The waiting room was bright
and too hot. It was sliding
beneath a big black wave,
another, and another.
Then I was back in it.
The War was on. Outside,
in Worcester, Massachusetts,
were night and slush and cold,
and it was still the fifth
of February, 1918.
One Art1
The art of losing isn’t hard to master;
so many things seem filled with the intent
to be lost that their loss is no disaster.
Lose something every day. Accept the fluster
of lost door keys, the hour badly spent.
The art of losing isn’t hard to master.
Then practice losing farther, losing faster:
places, and names, and where it was you meant
to travel. None of these will bring disaster.
I lost my mother’s watch. And look! my last, or
next-to-last, of three loved houses went.
The art of losing isn’t hard to master.
I lost two cities, lovely ones. And, vaster,
some realms I owned, two rivers, a continent.

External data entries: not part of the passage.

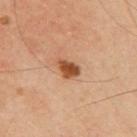size: ≈3 mm
image: 15 mm crop, total-body photography
site: the upper back
tile lighting: cross-polarized illumination
subject: male, aged around 35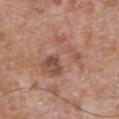Clinical impression: The lesion was tiled from a total-body skin photograph and was not biopsied. Image and clinical context: From the front of the torso. Automated tile analysis of the lesion measured a lesion color around L≈53 a*≈21 b*≈28 in CIELAB, about 7 CIELAB-L* units darker than the surrounding skin, and a normalized lesion–skin contrast near 5.5. It also reported a nevus-likeness score of about 0/100. The tile uses white-light illumination. A male patient in their mid- to late 60s. About 6 mm across. Cropped from a total-body skin-imaging series; the visible field is about 15 mm.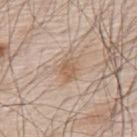{
  "site": "upper back",
  "lighting": "white-light",
  "lesion_size": {
    "long_diameter_mm_approx": 3.5
  },
  "automated_metrics": {
    "area_mm2_approx": 6.0,
    "eccentricity": 0.7,
    "shape_asymmetry": 0.25,
    "cielab_L": 60,
    "cielab_a": 16,
    "cielab_b": 30,
    "lesion_detection_confidence_0_100": 100
  },
  "patient": {
    "sex": "male",
    "age_approx": 80
  },
  "image": {
    "source": "total-body photography crop",
    "field_of_view_mm": 15
  }
}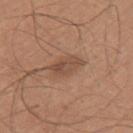| feature | finding |
|---|---|
| notes | total-body-photography surveillance lesion; no biopsy |
| patient | male, about 30 years old |
| anatomic site | the left upper arm |
| lighting | white-light illumination |
| image source | ~15 mm crop, total-body skin-cancer survey |
| image-analysis metrics | an average lesion color of about L≈49 a*≈19 b*≈29 (CIELAB) |
| diameter | ~4.5 mm (longest diameter) |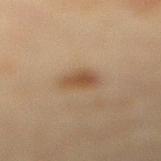Context: Measured at roughly 3 mm in maximum diameter. A close-up tile cropped from a whole-body skin photograph, about 15 mm across. The lesion is on the right lower leg. The tile uses cross-polarized illumination. A female patient in their 40s.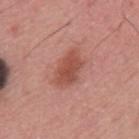Background: Automated image analysis of the tile measured an area of roughly 9.5 mm² and a shape eccentricity near 0.8. And it measured internal color variation of about 2.5 on a 0–10 scale and a peripheral color-asymmetry measure near 1. The software also gave an automated nevus-likeness rating near 90 out of 100 and a detector confidence of about 100 out of 100 that the crop contains a lesion. Captured under white-light illumination. Cropped from a total-body skin-imaging series; the visible field is about 15 mm. The recorded lesion diameter is about 4.5 mm. A male patient aged 53 to 57.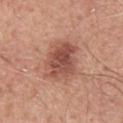– biopsy status · no biopsy performed (imaged during a skin exam)
– lesion diameter · about 5 mm
– TBP lesion metrics · a lesion color around L≈52 a*≈25 b*≈28 in CIELAB and about 11 CIELAB-L* units darker than the surrounding skin; a classifier nevus-likeness of about 70/100 and a detector confidence of about 100 out of 100 that the crop contains a lesion
– patient · male, aged 48–52
– image · total-body-photography crop, ~15 mm field of view
– illumination · white-light illumination
– body site · the chest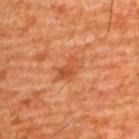Recorded during total-body skin imaging; not selected for excision or biopsy.

I miss them, but it wasn’t a disaster.
—Even losing you (the joking voice, a gesture
I love) I shan’t have lied. It’s evident
the art of losing’s not too hard to master
though it may look like (Write it!) like disaster.
Sestina1
September rain falls on the house.
In the failing light, the old grandmother
si
ts in the kitchen with the child
beside the Little Marvel Stove,
reading the jokes from the almanac,
laughing and talking to hide her tears.
She thinks that her equinoctial tears
and the rain that beats on the roof of the house
were both foretold by the almanac,
but only known to a grandmother.
The iron kettle sings on the stove.
She cuts some bread and says to the child,
it’s time for tea now; but the child
is watching the teakettle’s small hard tears
dance like mad on the hot black stove,
the way the rain must dance on the house.
Tidying up, the old grandmother
hangs up the clever almanac
on its string. Birdlike, the almanac
hovers half open above the child,
hovers above the old grandmother
and her teacup full of dark brown tears.
She shivers and says she thinks the house
feels chilly, and puts more wood in the stove.
It was to be, says the Marvel Stove.
I know what I know, says the almanac.
With crayons the child draws a rigid house
and a winding pathway. Then the child
puts in a man with buttons like tears
and shows it proudly to the grandmother.
But secretly, while the grandmother
busies herself about the stove,
the little moons fall down like tears
from between the pages of the almanac
into the flower bed the child
has carefully placed in the front of the house.
Time to plant tears, says the almanac.
The grandmother sings to the marvelous stove
and the child draws another inscrutable house.
The Armadillo1
for Robert Lowell
This is the time of year
when almost every night
the frail, illegal fire balloons appear.